- What you need to do
Only one stretch of the listing below is wanted. Give it again exactly, from the line with "Image type: radiology (x_ray)" through the line with "H&E-stained tissue: Ovarian".

- Provided data

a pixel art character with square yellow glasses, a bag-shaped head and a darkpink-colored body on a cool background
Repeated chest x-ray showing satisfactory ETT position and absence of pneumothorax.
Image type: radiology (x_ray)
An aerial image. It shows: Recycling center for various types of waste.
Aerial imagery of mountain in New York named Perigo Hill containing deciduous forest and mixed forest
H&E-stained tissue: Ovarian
==
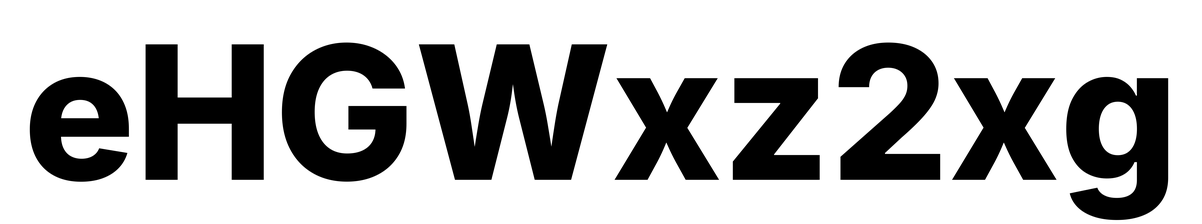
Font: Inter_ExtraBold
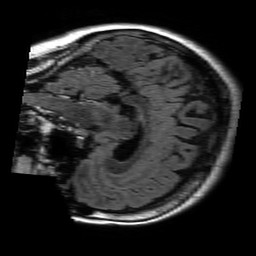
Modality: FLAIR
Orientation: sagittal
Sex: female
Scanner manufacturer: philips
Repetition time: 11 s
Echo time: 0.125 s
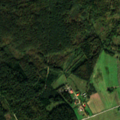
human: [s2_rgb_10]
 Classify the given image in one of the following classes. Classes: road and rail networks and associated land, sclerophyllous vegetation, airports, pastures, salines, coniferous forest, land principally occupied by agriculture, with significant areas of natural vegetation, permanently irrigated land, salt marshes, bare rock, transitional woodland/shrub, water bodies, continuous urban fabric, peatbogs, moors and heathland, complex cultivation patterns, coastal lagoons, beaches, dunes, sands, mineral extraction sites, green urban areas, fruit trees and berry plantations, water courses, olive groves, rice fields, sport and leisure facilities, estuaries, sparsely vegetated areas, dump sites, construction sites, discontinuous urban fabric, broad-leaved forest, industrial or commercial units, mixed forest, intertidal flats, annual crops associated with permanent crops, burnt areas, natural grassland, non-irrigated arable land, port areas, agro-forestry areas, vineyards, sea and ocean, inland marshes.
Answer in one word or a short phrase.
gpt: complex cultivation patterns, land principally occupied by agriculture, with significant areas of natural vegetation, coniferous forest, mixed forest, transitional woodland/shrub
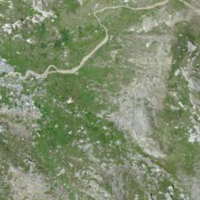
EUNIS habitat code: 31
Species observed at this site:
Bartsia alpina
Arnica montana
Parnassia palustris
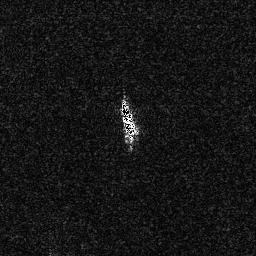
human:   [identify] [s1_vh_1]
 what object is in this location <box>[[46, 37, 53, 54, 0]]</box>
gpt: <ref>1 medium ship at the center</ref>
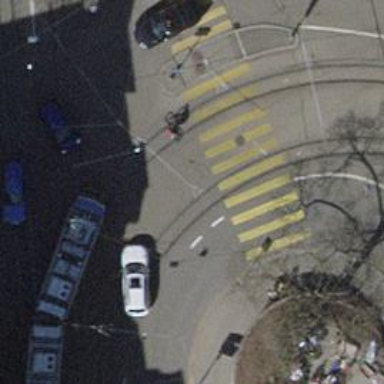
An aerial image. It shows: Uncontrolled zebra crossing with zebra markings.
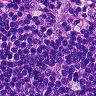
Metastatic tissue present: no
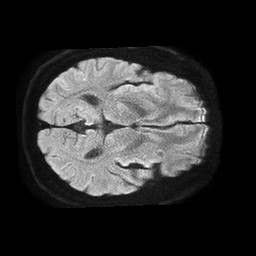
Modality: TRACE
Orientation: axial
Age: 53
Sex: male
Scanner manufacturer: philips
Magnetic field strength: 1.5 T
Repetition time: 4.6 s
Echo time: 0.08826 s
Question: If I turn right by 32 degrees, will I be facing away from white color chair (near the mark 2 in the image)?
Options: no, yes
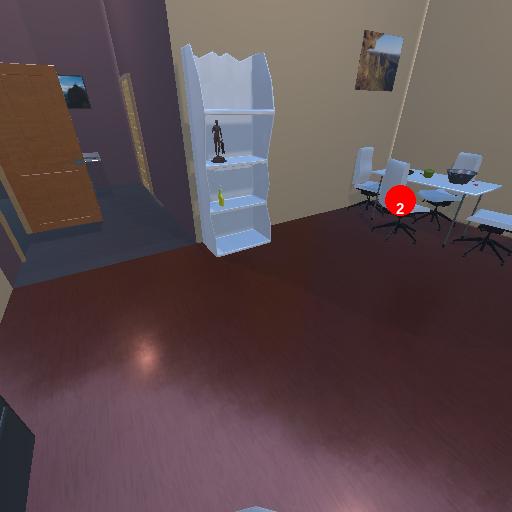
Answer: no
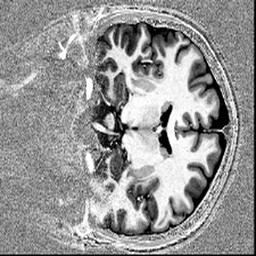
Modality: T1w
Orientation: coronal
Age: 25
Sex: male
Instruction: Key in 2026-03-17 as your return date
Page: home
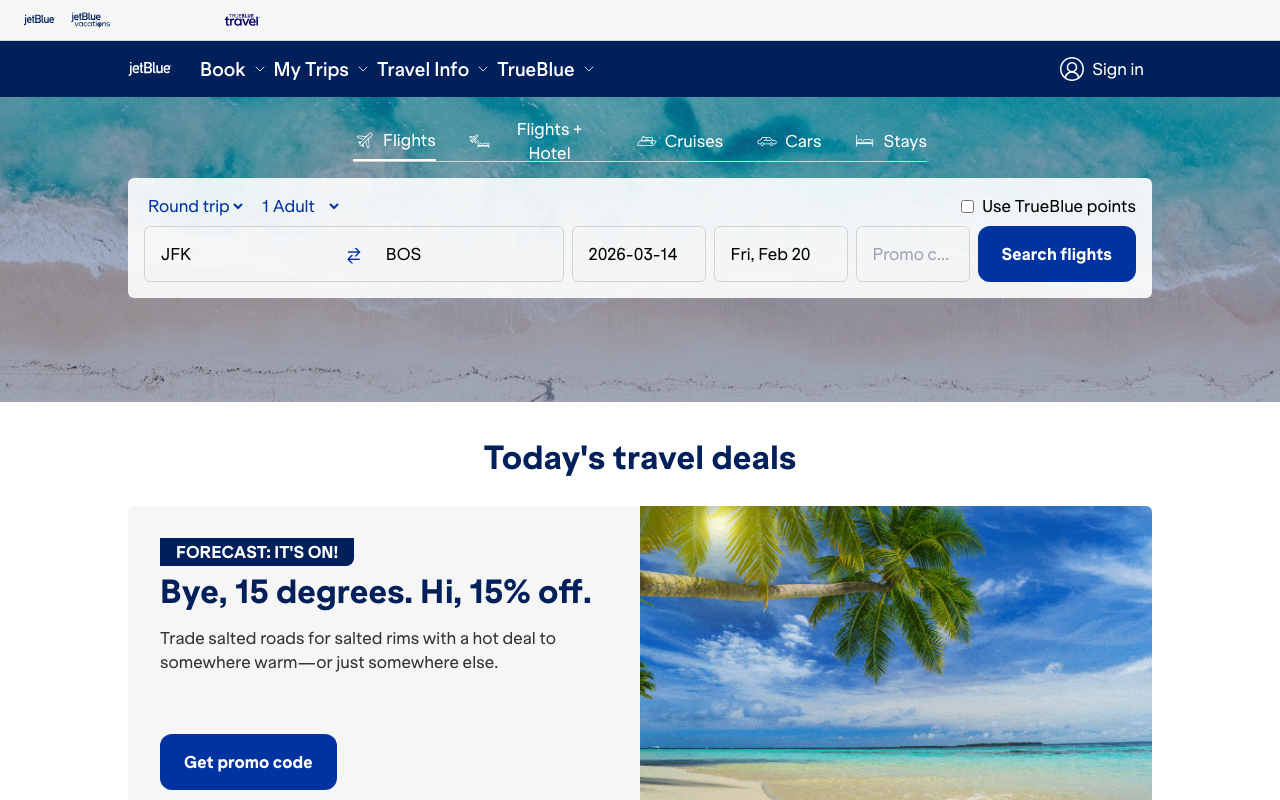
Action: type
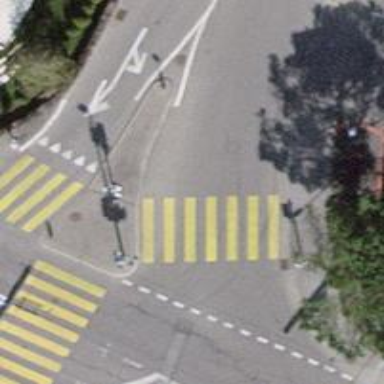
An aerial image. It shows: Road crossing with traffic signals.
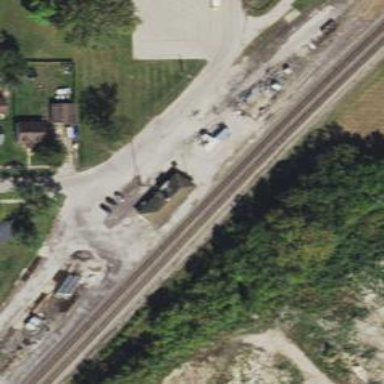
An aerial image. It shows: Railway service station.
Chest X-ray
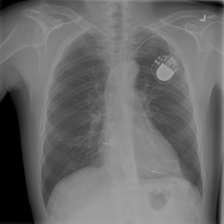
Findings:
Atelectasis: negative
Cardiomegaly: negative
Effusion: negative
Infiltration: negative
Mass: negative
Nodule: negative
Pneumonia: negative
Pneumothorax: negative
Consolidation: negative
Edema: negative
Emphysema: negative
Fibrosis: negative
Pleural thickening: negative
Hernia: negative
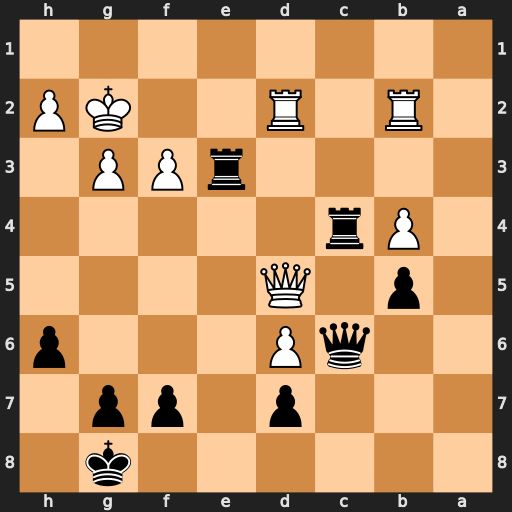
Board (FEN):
--
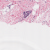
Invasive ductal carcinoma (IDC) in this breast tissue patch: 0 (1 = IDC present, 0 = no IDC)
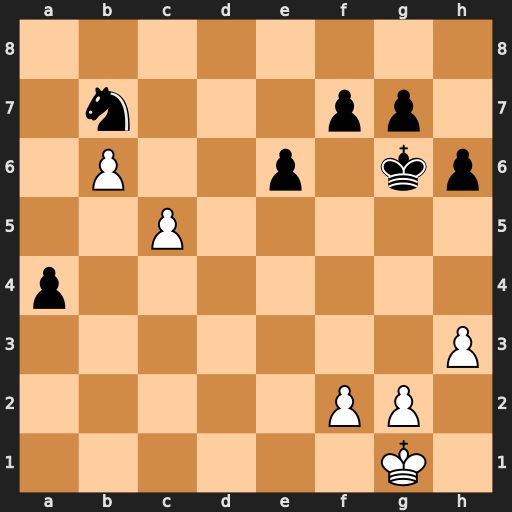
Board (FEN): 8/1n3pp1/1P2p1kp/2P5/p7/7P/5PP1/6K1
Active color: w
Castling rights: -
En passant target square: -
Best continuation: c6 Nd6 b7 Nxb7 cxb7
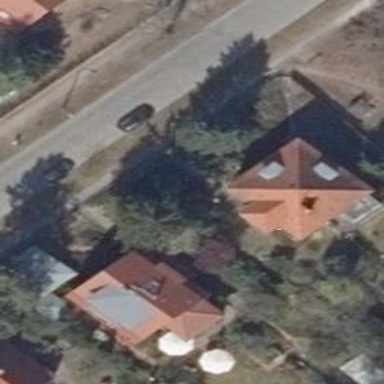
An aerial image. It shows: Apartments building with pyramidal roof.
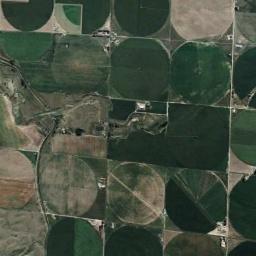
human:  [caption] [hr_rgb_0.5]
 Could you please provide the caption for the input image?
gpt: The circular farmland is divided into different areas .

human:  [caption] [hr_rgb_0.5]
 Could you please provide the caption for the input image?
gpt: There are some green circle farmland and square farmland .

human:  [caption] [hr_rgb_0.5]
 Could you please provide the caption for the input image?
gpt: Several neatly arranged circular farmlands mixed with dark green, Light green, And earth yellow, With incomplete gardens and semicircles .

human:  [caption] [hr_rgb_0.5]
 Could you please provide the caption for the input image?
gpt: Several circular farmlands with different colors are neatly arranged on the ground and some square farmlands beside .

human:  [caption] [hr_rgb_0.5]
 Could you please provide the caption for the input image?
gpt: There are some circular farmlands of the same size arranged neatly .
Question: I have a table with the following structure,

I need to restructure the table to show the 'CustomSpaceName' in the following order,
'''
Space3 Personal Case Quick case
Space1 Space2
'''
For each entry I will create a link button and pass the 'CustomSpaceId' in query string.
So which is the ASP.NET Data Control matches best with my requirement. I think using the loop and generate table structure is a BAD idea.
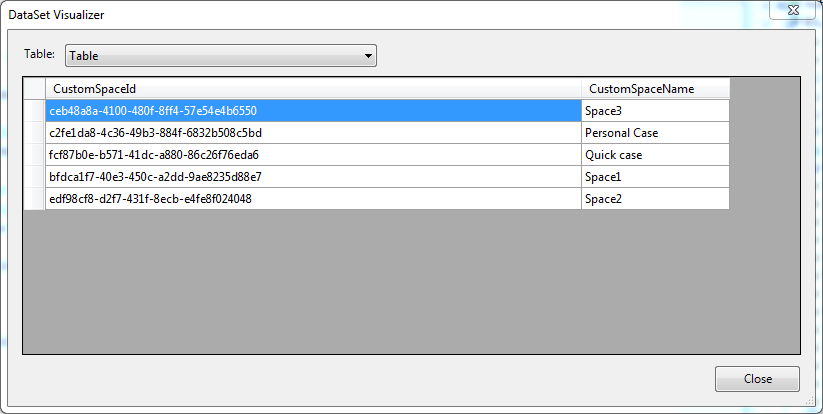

- Written answer
Image type: radiology (x_ray)
An aerial image. It shows: Recycling center for various types of waste.
Aerial imagery of mountain in New York named Perigo Hill containing deciduous forest and mixed forest
H&E-stained tissue: Ovarian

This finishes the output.